Every time when presidential elections are coming, Nicolas Sarkozy pulls out his favourite topic – a redefinition of ECB tasks and use of euro’s depreciation as a way to boost economic growth. He promised to take such a step before the elections in May 2007 and he promises using ECB for supporting the growth also today. He wants to re-define tasks of the central banks in the Maastricht Treaty. „If the central bank doesn’t support the growth, there won’t be enough of it.“ This way he violated the agreement with German Chancellor Angela Merkel in which it was agreed that the role of ECB won’t be a subject of his presidential campaign.

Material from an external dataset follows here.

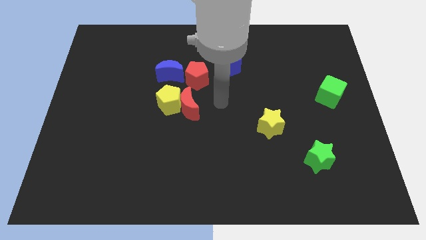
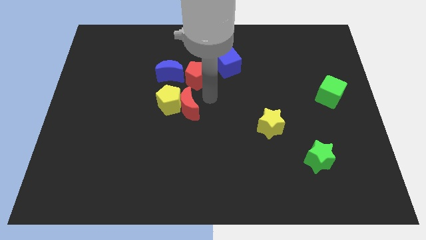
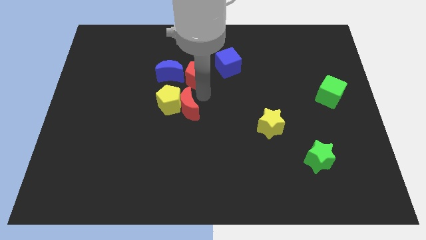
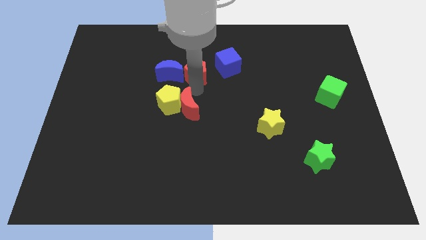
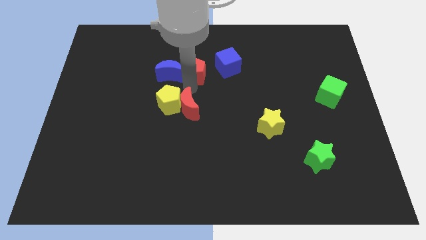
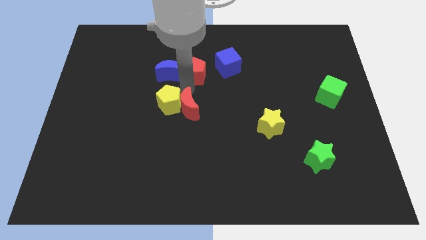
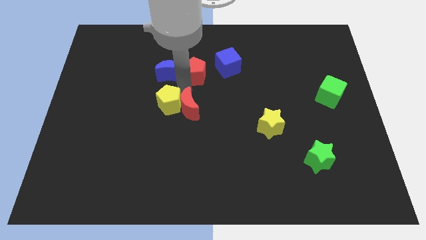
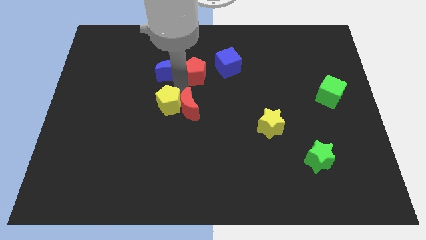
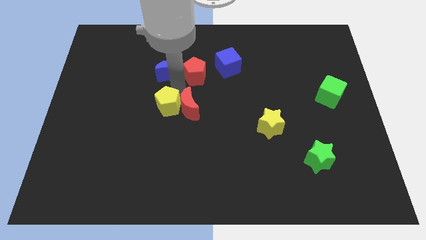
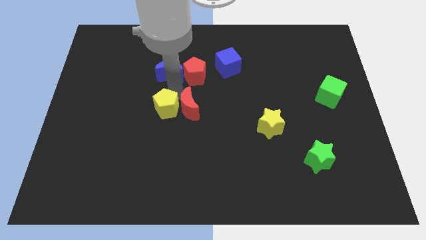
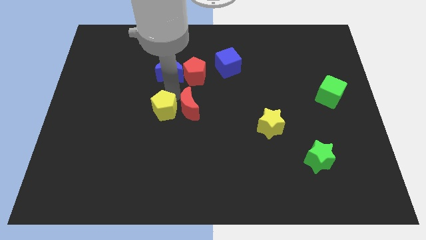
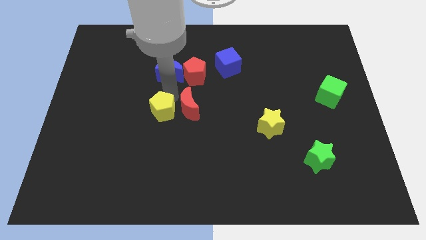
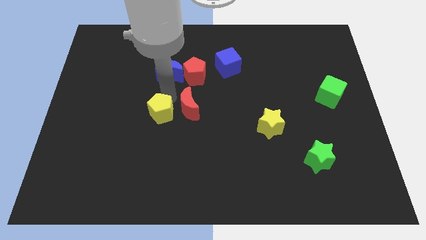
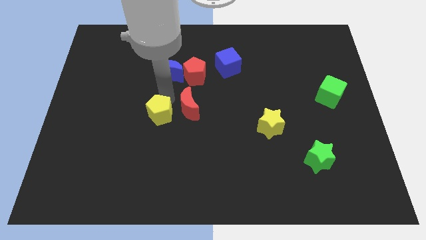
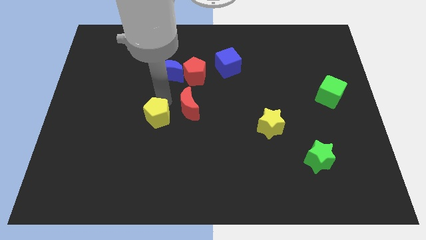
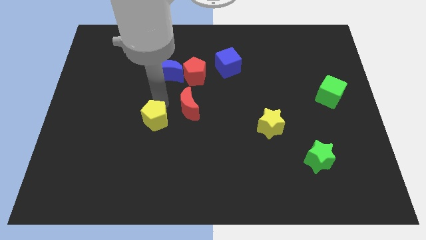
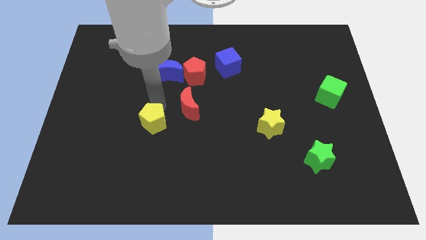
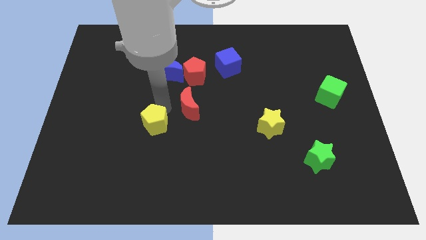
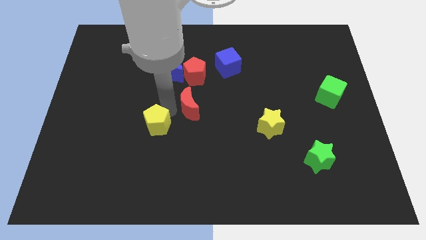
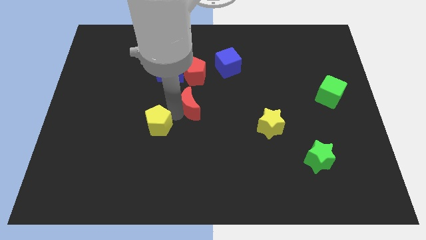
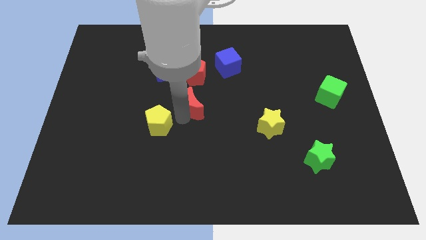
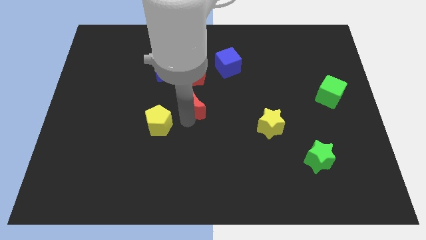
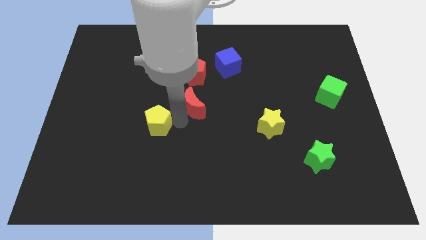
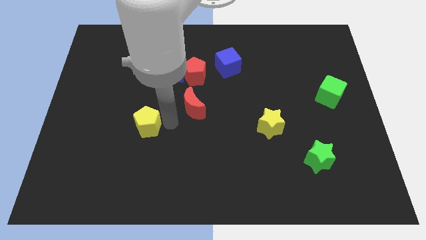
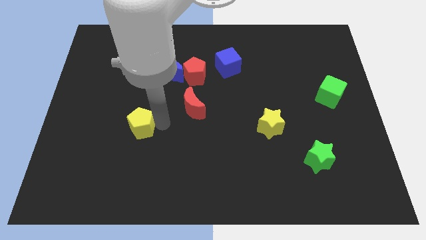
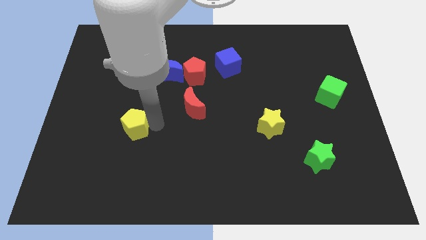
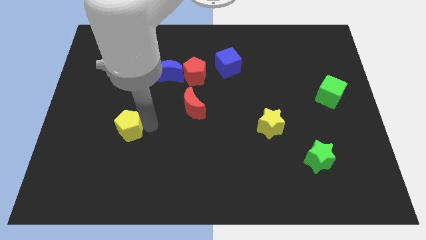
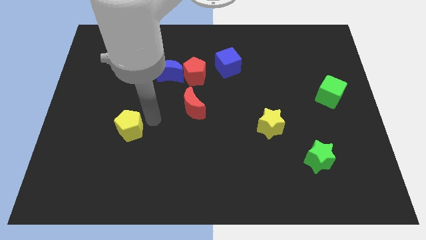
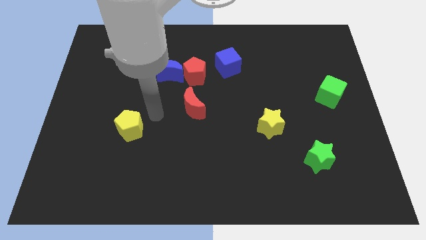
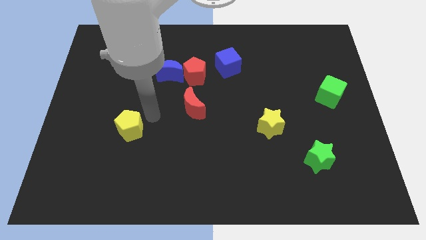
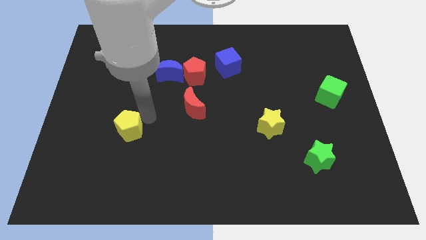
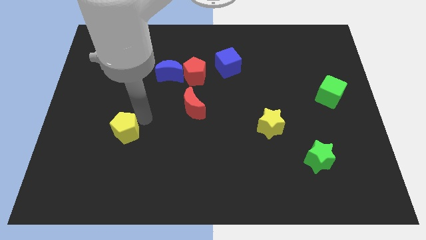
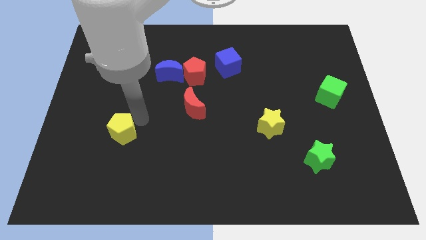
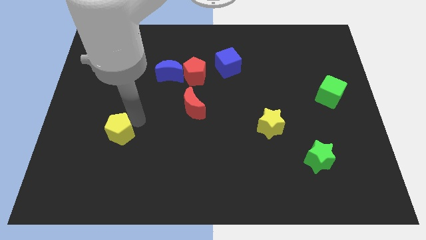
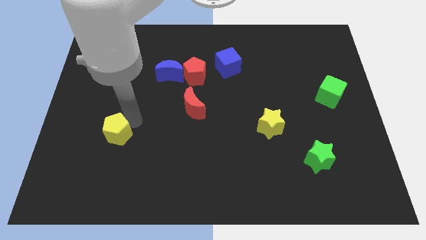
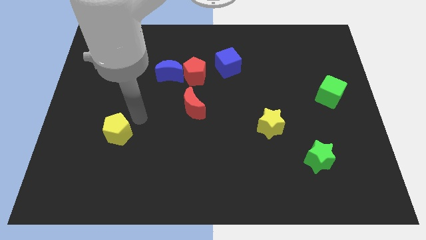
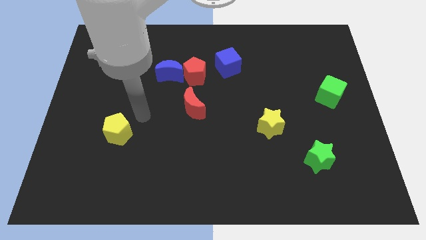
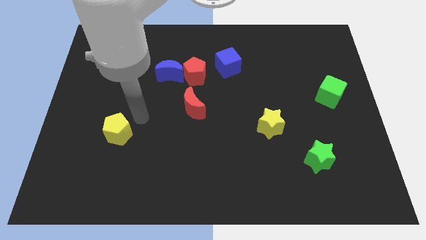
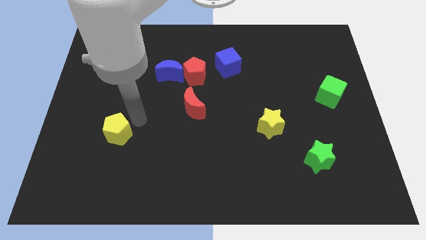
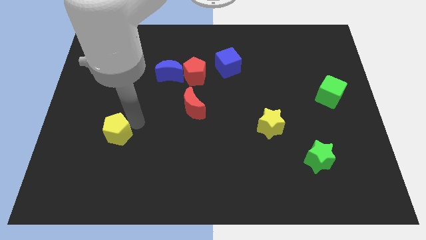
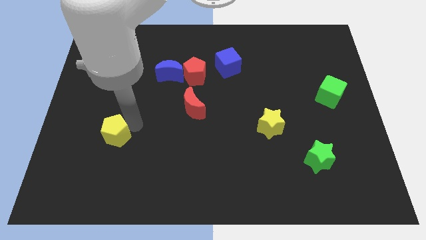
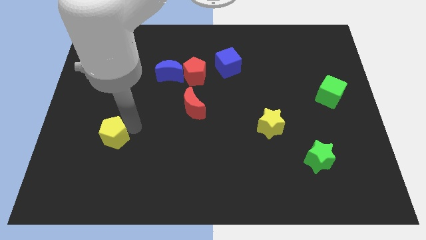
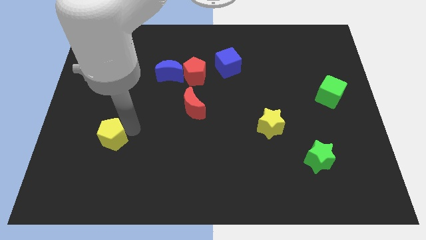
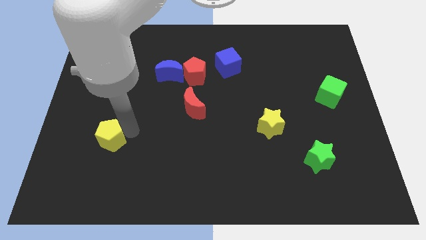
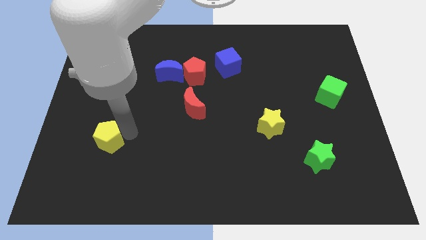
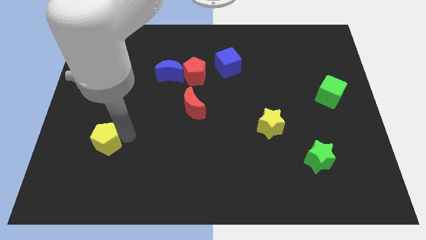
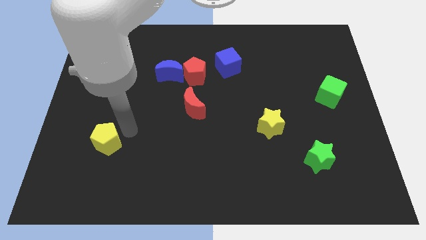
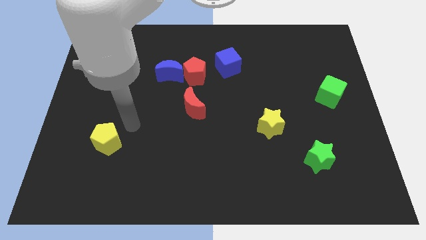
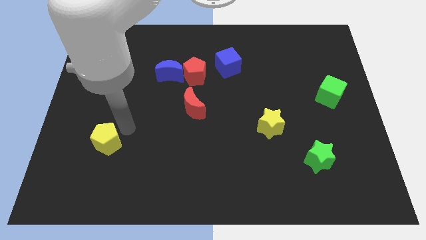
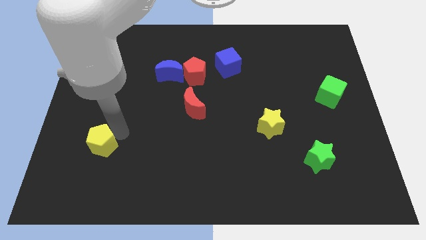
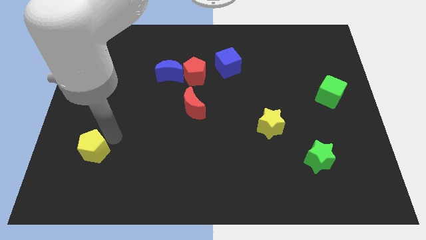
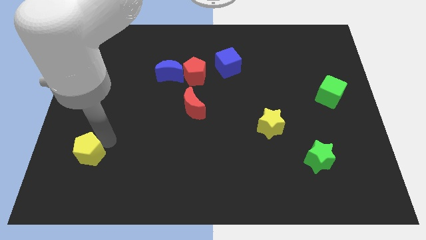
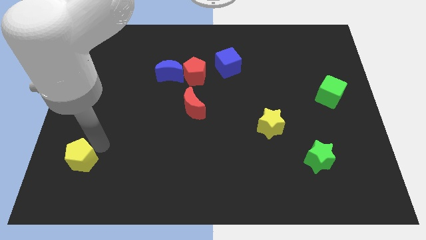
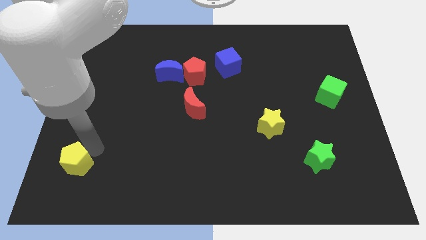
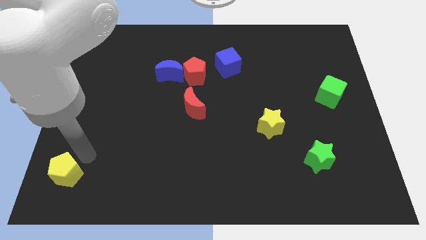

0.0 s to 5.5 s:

The campaign is already very tough, Sarko almost appeared in it with alost his watch which cost EUR 55 000.
http://www.youtube.com/watch?feature=player_embedded&v=yJ1AXNpYnc8
The employees of the European Central Bank demand their pensions to be linked to inflation. Do they want to secure themselves against their own failure or they just don’t believe in ability to fulfil their role – to ensure price stabilization in the EU?
Italy postpones its plan to balance the budget from the year 2013 to the year 2014. Italian art museum started burning paintings in protest against the budget cuts. First one was already burnt, and they plan to burn next three paintings following week. Wouldn’t it be better to sell these paintings? I don’t want to even imagine what will happen when the Italian drama starts protesting.